Task to carry out:
Within the records below is a range that opens at the line with "#2316 = VECTOR ( 'NONE', #2212, 1000. ) ;" and closes at the line with "#2677 = VERTEX_POINT ( 'NONE', #555 ) ;". Return that range word for word, both ends included, and only that range.

Given entries:
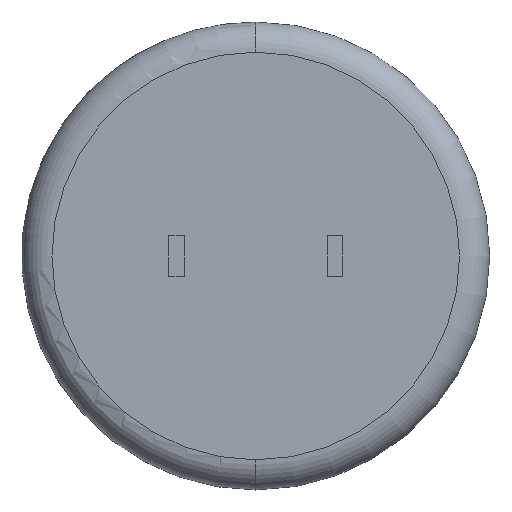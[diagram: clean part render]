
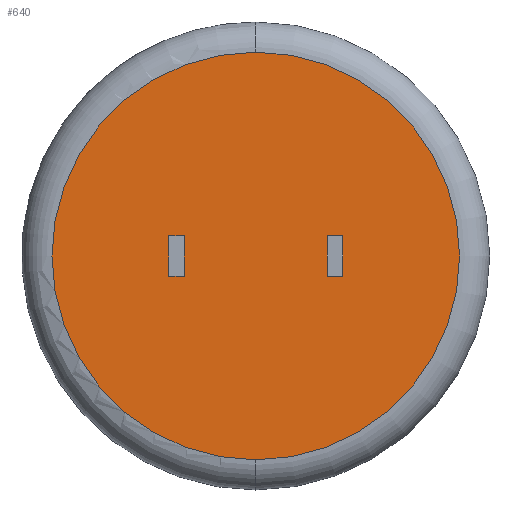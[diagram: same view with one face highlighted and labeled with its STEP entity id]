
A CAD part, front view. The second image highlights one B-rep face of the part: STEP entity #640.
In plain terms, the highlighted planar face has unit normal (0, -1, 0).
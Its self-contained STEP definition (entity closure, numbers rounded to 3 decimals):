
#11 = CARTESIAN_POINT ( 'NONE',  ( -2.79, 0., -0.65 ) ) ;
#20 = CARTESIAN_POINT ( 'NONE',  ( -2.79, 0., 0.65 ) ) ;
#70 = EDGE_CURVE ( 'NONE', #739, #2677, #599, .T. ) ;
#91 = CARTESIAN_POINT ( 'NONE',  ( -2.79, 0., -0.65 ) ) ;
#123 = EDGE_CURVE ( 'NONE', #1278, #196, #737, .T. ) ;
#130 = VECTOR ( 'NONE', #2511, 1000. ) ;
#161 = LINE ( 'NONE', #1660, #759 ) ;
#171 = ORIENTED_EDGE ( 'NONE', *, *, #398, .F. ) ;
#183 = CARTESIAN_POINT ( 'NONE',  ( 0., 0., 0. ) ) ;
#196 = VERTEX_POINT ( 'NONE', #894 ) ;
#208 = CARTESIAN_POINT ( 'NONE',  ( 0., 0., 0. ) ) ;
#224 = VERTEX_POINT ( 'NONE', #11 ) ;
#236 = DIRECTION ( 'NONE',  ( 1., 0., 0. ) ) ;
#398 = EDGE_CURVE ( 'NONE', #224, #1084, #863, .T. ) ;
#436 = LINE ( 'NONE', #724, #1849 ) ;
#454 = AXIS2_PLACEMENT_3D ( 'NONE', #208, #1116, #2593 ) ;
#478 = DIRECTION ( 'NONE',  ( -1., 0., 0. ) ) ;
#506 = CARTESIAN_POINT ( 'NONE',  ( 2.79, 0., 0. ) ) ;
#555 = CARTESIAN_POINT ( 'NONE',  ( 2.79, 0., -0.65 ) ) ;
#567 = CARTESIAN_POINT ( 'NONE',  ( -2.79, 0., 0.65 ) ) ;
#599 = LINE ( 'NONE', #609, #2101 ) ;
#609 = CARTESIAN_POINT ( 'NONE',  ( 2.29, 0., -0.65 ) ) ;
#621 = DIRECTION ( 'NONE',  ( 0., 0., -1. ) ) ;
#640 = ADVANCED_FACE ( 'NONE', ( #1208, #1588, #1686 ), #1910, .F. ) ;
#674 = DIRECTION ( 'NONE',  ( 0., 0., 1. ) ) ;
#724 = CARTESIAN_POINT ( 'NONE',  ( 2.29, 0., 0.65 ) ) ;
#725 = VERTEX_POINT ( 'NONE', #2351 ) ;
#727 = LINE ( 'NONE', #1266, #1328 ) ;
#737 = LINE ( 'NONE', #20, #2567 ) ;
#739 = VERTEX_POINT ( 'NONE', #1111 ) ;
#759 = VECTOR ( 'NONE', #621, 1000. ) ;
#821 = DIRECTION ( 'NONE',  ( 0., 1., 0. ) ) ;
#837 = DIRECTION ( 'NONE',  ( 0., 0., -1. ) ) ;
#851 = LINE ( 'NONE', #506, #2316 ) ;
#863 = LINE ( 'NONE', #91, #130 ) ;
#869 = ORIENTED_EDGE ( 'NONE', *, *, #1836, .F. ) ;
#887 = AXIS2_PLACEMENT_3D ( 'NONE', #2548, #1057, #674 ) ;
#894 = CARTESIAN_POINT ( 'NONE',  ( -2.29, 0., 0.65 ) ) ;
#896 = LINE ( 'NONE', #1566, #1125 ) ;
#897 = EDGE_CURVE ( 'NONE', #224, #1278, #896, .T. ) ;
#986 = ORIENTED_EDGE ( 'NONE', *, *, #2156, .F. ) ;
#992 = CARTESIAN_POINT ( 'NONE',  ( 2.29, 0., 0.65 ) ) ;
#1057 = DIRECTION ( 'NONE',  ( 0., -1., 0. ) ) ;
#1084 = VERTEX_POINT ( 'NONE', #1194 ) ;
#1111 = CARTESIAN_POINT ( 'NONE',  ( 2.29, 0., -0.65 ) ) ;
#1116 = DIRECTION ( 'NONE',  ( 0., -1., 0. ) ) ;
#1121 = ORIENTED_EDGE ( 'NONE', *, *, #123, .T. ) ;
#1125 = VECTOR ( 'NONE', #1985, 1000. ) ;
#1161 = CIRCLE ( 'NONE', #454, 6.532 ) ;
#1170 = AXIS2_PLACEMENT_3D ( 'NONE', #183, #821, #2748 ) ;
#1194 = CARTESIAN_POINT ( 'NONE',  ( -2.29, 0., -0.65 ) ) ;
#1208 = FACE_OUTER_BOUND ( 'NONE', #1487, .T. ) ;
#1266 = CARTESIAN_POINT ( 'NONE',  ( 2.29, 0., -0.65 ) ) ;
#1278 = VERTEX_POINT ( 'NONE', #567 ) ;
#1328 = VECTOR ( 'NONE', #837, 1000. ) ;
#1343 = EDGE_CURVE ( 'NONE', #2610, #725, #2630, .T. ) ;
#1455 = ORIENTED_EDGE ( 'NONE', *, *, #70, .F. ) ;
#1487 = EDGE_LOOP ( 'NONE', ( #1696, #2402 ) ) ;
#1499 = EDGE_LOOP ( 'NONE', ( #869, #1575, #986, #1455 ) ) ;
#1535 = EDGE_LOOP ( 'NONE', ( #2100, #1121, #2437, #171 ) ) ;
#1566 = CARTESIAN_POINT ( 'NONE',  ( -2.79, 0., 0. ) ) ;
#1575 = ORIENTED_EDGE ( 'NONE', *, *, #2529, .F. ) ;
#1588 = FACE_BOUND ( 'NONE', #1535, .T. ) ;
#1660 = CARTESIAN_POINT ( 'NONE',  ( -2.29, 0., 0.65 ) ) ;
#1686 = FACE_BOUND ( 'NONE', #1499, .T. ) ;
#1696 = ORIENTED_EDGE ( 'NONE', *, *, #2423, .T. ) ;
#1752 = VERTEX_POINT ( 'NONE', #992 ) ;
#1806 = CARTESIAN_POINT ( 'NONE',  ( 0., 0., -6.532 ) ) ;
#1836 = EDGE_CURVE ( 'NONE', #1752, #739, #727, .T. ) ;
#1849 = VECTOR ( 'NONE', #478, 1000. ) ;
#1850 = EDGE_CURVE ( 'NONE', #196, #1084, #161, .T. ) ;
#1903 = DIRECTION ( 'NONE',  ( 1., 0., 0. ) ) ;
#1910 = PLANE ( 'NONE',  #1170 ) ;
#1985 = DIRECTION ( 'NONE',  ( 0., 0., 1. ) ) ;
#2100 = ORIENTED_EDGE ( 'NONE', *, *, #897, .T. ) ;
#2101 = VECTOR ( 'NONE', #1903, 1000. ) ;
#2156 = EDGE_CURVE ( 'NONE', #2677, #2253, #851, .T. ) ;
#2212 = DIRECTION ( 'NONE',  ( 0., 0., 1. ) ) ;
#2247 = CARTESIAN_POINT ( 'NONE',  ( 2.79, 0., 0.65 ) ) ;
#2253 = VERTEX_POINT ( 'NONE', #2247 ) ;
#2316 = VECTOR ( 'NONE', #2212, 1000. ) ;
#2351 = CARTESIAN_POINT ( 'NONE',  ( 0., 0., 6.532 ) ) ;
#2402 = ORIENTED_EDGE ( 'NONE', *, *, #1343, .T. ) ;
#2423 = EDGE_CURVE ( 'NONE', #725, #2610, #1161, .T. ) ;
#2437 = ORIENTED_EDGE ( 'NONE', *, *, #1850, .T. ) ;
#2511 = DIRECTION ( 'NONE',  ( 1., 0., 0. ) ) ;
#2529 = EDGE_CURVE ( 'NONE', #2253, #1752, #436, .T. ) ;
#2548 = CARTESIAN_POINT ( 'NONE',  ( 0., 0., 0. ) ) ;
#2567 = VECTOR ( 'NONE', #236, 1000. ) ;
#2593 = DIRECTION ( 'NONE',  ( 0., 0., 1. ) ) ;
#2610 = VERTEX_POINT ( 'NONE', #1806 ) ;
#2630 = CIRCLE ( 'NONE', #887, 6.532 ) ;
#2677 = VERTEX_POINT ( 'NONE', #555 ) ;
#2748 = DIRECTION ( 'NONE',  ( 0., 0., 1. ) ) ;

Result:
#2316 = VECTOR ( 'NONE', #2212, 1000. ) ;
#2351 = CARTESIAN_POINT ( 'NONE',  ( 0., 0., 6.532 ) ) ;
#2402 = ORIENTED_EDGE ( 'NONE', *, *, #1343, .T. ) ;
#2423 = EDGE_CURVE ( 'NONE', #725, #2610, #1161, .T. ) ;
#2437 = ORIENTED_EDGE ( 'NONE', *, *, #1850, .T. ) ;
#2511 = DIRECTION ( 'NONE',  ( 1., 0., 0. ) ) ;
#2529 = EDGE_CURVE ( 'NONE', #2253, #1752, #436, .T. ) ;
#2548 = CARTESIAN_POINT ( 'NONE',  ( 0., 0., 0. ) ) ;
#2567 = VECTOR ( 'NONE', #236, 1000. ) ;
#2593 = DIRECTION ( 'NONE',  ( 0., 0., 1. ) ) ;
#2610 = VERTEX_POINT ( 'NONE', #1806 ) ;
#2630 = CIRCLE ( 'NONE', #887, 6.532 ) ;
#2677 = VERTEX_POINT ( 'NONE', #555 ) ;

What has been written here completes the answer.